Have you been saying ‘no’ to a term life insurance policy because you fear surviving the term and not getting any benefit? Endowment plans, which come with an option of whole life cover that extends till the age of 100, are an option. Many insurance players, including HDFC Life, SBI Life, Max Life and LIC, offer such policies.

For those not convinced of a pure risk cover, here’s a brief on whole life plans.

What are they?

Whole life insurance plans are policies that cover an individual for his whole life. But, unlike term policies which are plain-vanilla insurance, whole life plans do not come as standalone risk covers. They are bundled with endowment policies.

Endowment policies are combo products which offer both savings and insurance.

While endowment policies traditionally offer insurance cover up to only 70-75 years of age, in cases where there is a whole life option, the policy gives insurance coverage till 100 years.

The benefit of a whole life endowment policy is that policyholders get the sum assured amount twice — first during the end of the endowment term and then, either at the time of death or maturity at 100 years. For instance, consider an individual of age 40, who has taken an endowment policy of sum assured ₹50 lakh for a term of 25 years with a whole life cover. If he survives the next 25 years, he will get the sum assured of ₹50 lakh and bonuses, if any (if it is a participating plan), once he completes 65. Thereafter, if the policyholder passes away, say at 80, his nominee will be paid ₹50 lakh — the sum assured, after which the policy will terminate. If, however, the individual survives to celebrate his 100{+t}{+h} birthday, ₹50 lakh will be paid to him then.

HDFC Life’s Sampoorn Samridhi Plus, SBI Life’s Shubh Nivesh, Max Life Whole Life Super and LIC’s New Jeevan Anand are some prominent whole life endowment plans.

The other important aspect about endowment plans is that as they come from the basket of traditional policies, the surrender value is very low. If you are not able to continue paying the premium and surrender it within three years from the time you took the policy, you will not get even a penny back. Surrendering at the end of the third year will fetch you 30 per cent of total premium paid. If you do so between the fourth and the seventh year, you will get 50 per cent of total premium paid. The percentage of surrender value increases with time and becomes 70 per cent after 21 years.

The bonus gamble

Endowment policies come with two options — participating plans (called ‘par’ plans) and non-participating (non-par) plans. In participating plans, the policyholder gets a share of the company’s profits, which are declared as ‘bonus’ and are a percentage of sum assured.

The bonus can either be simple reversionary or compound reversionary. A simple reversionary bonus is calculated on the sum assured and there is no compounding benefit. The latter is calculated on the sum assured and all cumulative bonuses of the past year. The regular bonus apart, some insurers also give a terminal bonus at the end of the policy term which is like a loyalty gift to the policyholder for staying with the company.

LIC is the most generous when it comes to paying bonus.
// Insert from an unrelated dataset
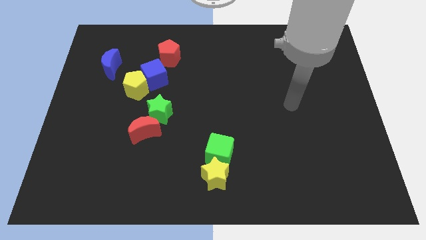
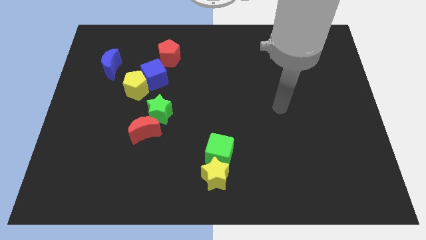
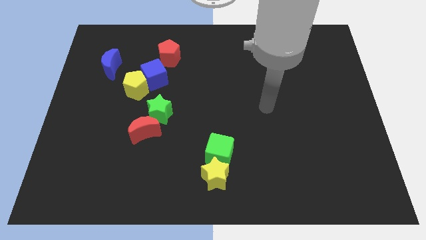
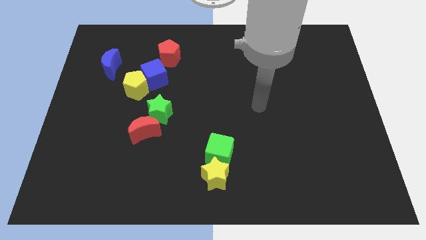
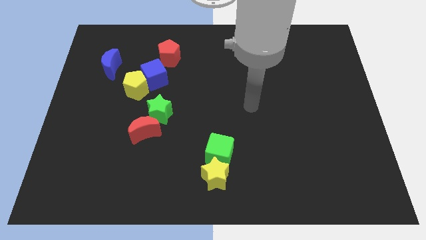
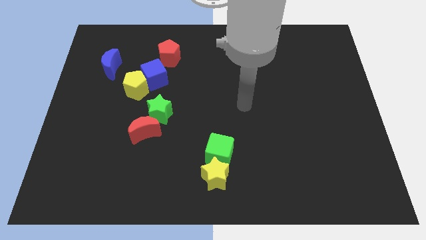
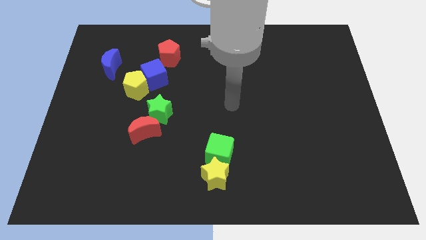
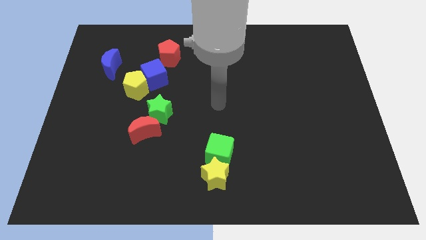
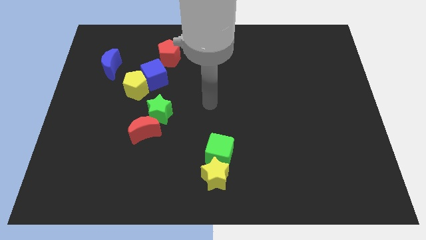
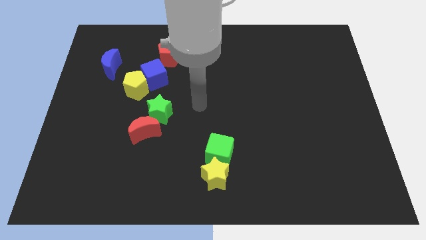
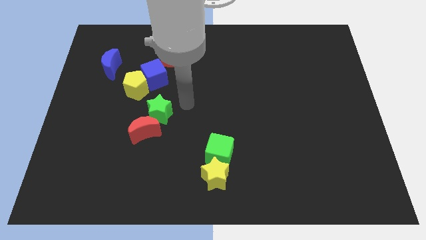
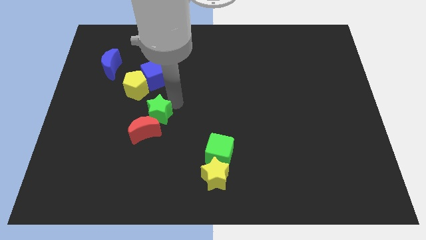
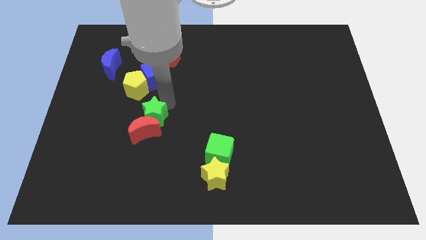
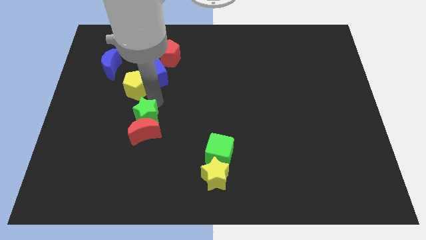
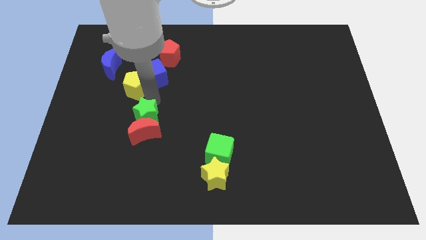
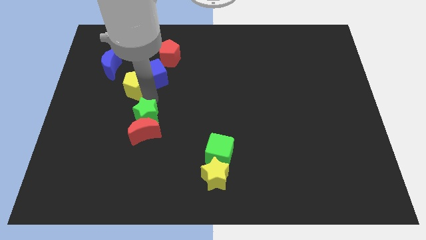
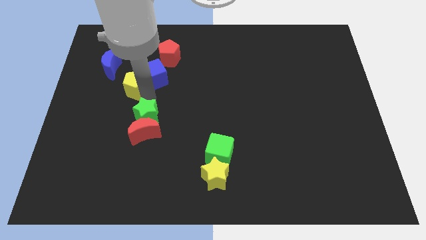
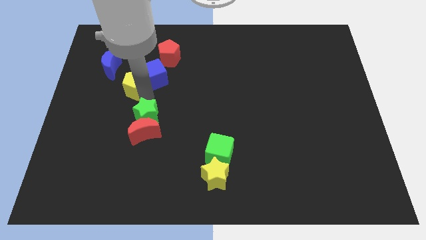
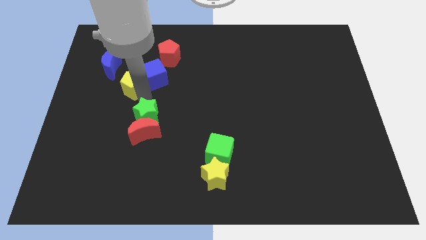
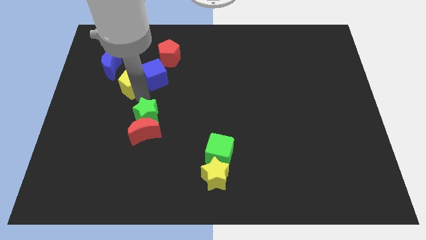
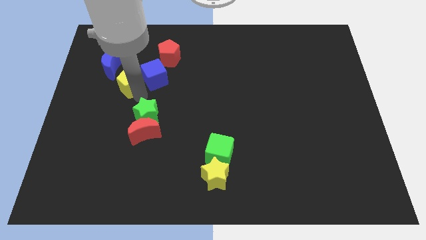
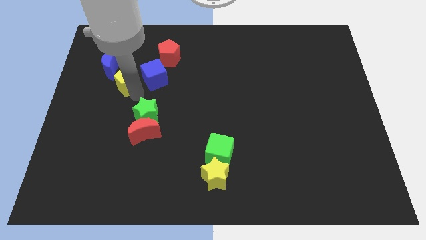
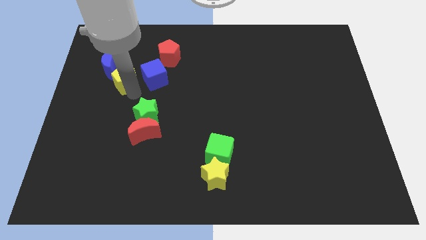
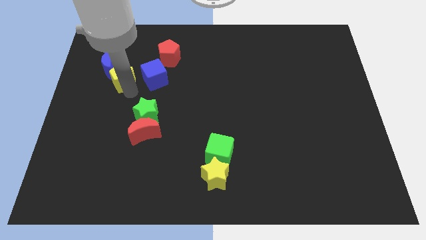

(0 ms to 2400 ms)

For its new Jeevan Anand, LIC offered bonus of 4.7 per cent in 2013-14. HDFC Life’s Sampoorn Samridhi paid bonus of 3 per cent. However, note that bonuses are not guaranteed benefits. It may not be prudent to base your decision on historical bonuses.

Cost vs. returns

If you are 35, for a whole life endowment policy of sum assured ₹5 lakh, you will have to cough up ₹20,000-25,000 as annual premium. On the other hand, a term cover for double the sum assured of ₹10 lakh for the next 40 years will cost ₹2,000.

Endowment policies should deliver earth-breaking returns for the price they ask, but no. These policies invest largely in government bonds and other securities which generate poor returns. They are ultra safe, but returns adjusted for inflation are small. Returns from endowments policies depend largely on the bonus that insurance companies declare. But given that it is usually only 3-4 per cent, investors may not gain much. Some insurers such as HDFC Life offer a ‘guaranteed’ benefit in their endowment policies to boost returns which is a shade better compared to others.

On a gross return of 8 per cent, the IRR of whole life endowment policies works out to 4.5-5.5 per cent, because of their high cost structure. But, 8 per cent is in itself a tough target, given their traditional investment portfolio.

Our take

Whole life endowment plans give you twice the sum assured and pay back more than what you have shelled out as premium, but are relatively expensive. Most life insurers today offer cover for 50-55 years in their term insurance. So, consider a term insurance policy.

If you intend to leave a legacy for your children or dear ones, invest that amount elsewhere — in a PPF or an equity-based mutual fund and write a will making them your legal heirs.